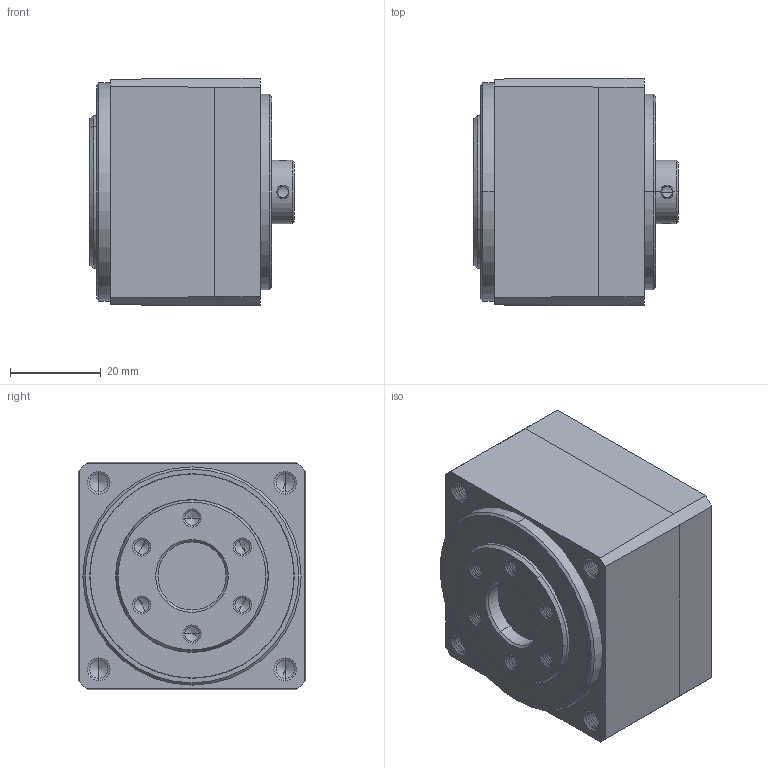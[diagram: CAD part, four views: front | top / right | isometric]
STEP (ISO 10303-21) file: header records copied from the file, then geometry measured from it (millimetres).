
FILE_DESCRIPTION(('no description'),'unknown implementation level');
FILE_NAME('CSF_14_30_1U_CC_F_1.stp',' ',('Harmonic Drive AG'),('CADClick - KiM GmbH - www.kimweb.de'),'unknown preprocess','ACIS','unknown authorization');
FILE_SCHEMA(('automotive_design'));
Length unit declared in the file: millimetre
Products named in the file (25): 1; 2; 3; 4; 5; 6; 7; 8; 9; 10; 11; 12; 13; 14; 15; 16; 17; 18; 19; 20; 21; 22; 23; 24; 25
Bounding box: 45 x 50 x 50 mm (x, y, z)
Volume: 65533.8 mm3; surface area: 25319 mm2
Topology: 25 solids, 27 shells, 1160 faces, 2454 edges, 1272 vertices
Faces by surface type: cone 958, cylinder 88, plane 50, sphere 48, torus 16
Entity records: 57842 total; most frequent: DIRECTION 5898, CARTESIAN_POINT 5259, STYLED_ITEM 4787, PRESENTATION_STYLE_ASSIGNMENT 4787, COLOUR_RGB 4787, ORIENTED_EDGE 4660, AXIS2_PLACEMENT_3D 2423, EDGE_CURVE 2330
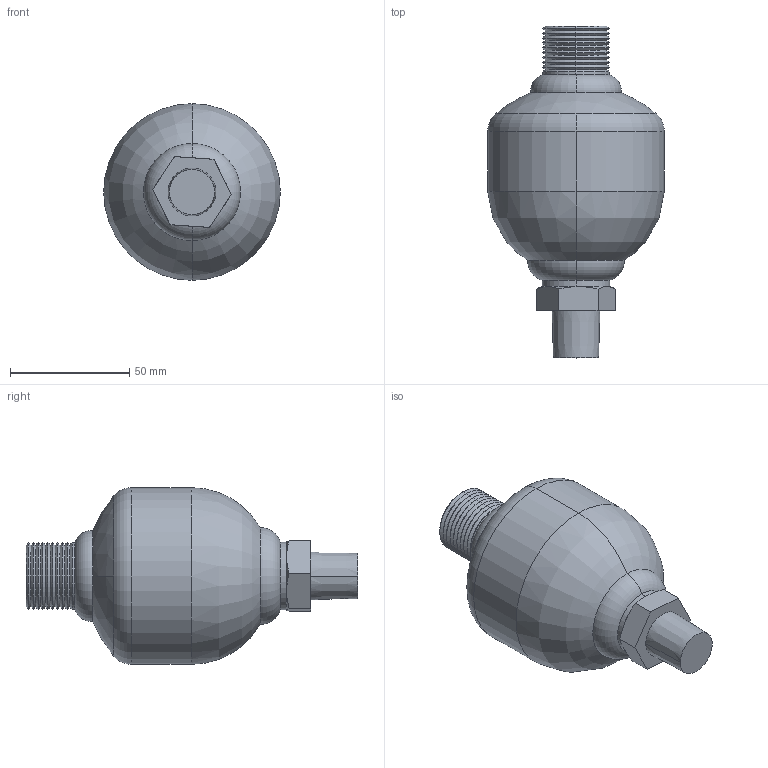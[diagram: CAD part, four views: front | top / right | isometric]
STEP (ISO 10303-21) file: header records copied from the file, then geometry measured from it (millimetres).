
FILE_DESCRIPTION (( 'STEP AP214' ), '1' );
FILE_NAME ('6029.800.STEP', '2006-08-17T11:44:20', ( ' ' ), ( ' ' ), 'SwSTEP 2.0', 'SolidWorks 2006104', '' );
FILE_SCHEMA (( 'AUTOMOTIVE_DESIGN' ));
Length unit declared in the file: inch
Products named in the file (4): acc_top; 6029; 6029_body; 6029.800
Assembly tree (3 placements, depth 3):
  6029.800
    6029
      6029_body
      acc_top
Bounding box: 74.16 x 139.39 x 74.16 mm (x, y, z)
Volume: 299411.6 mm3; surface area: 27553.7 mm2
Topology: 2 solids, 2 shells, 82 faces, 174 edges, 100 vertices
Faces by surface type: cone 42, plane 20, cylinder 10, torus 8, sphere 2
Entity records: 2664 total; most frequent: DIRECTION 428, CARTESIAN_POINT 427, ORIENTED_EDGE 348, EDGE_CURVE 174, AXIS2_PLACEMENT_3D 173, VERTEX_POINT 100, EDGE_LOOP 86, CIRCLE 84

○ ○ ○

#### [Task description]
Without any pictures, retype the records above exactly.

#### [Response below]
[diagram: CAD part, four views: front | top / right | isometric]
STEP (ISO 10303-21) file: header records copied from the file, then geometry measured from it (millimetres).
FILE_DESCRIPTION(('no description'),'unknown implementation level');
FILE_NAME('CSF_14_30_1U_CC_F_1.stp',' ',('Harmonic Drive AG'),('CADClick - KiM GmbH - www.kimweb.de'),'unknown preprocess','ACIS','unknown authorization');
FILE_SCHEMA(('automotive_design'));
Length unit declared in the file: millimetre
Products named in the file (25): 1; 2; 3; 4; 5; 6; 7; 8; 9; 10; 11; 12; 13; 14; 15; 16; 17; 18; 19; 20; 21; 22; 23; 24; 25
Bounding box: 45 x 50 x 50 mm (x, y, z)
Volume: 65533.8 mm3; surface area: 25319 mm2
Topology: 25 solids, 27 shells, 1160 faces, 2454 edges, 1272 vertices
Faces by surface type: cone 958, cylinder 88, plane 50, sphere 48, torus 16
Entity records: 57842 total; most frequent: DIRECTION 5898, CARTESIAN_POINT 5259, STYLED_ITEM 4787, PRESENTATION_STYLE_ASSIGNMENT 4787, COLOUR_RGB 4787, ORIENTED_EDGE 4660, AXIS2_PLACEMENT_3D 2423, EDGE_CURVE 2330
[diagram: CAD part, four views: front | top / right | isometric]
STEP (ISO 10303-21) file: header records copied from the file, then geometry measured from it (millimetres).
FILE_DESCRIPTION (( 'STEP AP214' ), '1' );
FILE_NAME ('6029.800.STEP', '2006-08-17T11:44:20', ( ' ' ), ( ' ' ), 'SwSTEP 2.0', 'SolidWorks 2006104', '' );
FILE_SCHEMA (( 'AUTOMOTIVE_DESIGN' ));
Length unit declared in the file: inch
Products named in the file (4): acc_top; 6029; 6029_body; 6029.800
Assembly tree (3 placements, depth 3):
  6029.800
    6029
      6029_body
      acc_top
Bounding box: 74.16 x 139.39 x 74.16 mm (x, y, z)
Volume: 299411.6 mm3; surface area: 27553.7 mm2
Topology: 2 solids, 2 shells, 82 faces, 174 edges, 100 vertices
Faces by surface type: cone 42, plane 20, cylinder 10, torus 8, sphere 2
Entity records: 2664 total; most frequent: DIRECTION 428, CARTESIAN_POINT 427, ORIENTED_EDGE 348, EDGE_CURVE 174, AXIS2_PLACEMENT_3D 173, VERTEX_POINT 100, EDGE_LOOP 86, CIRCLE 84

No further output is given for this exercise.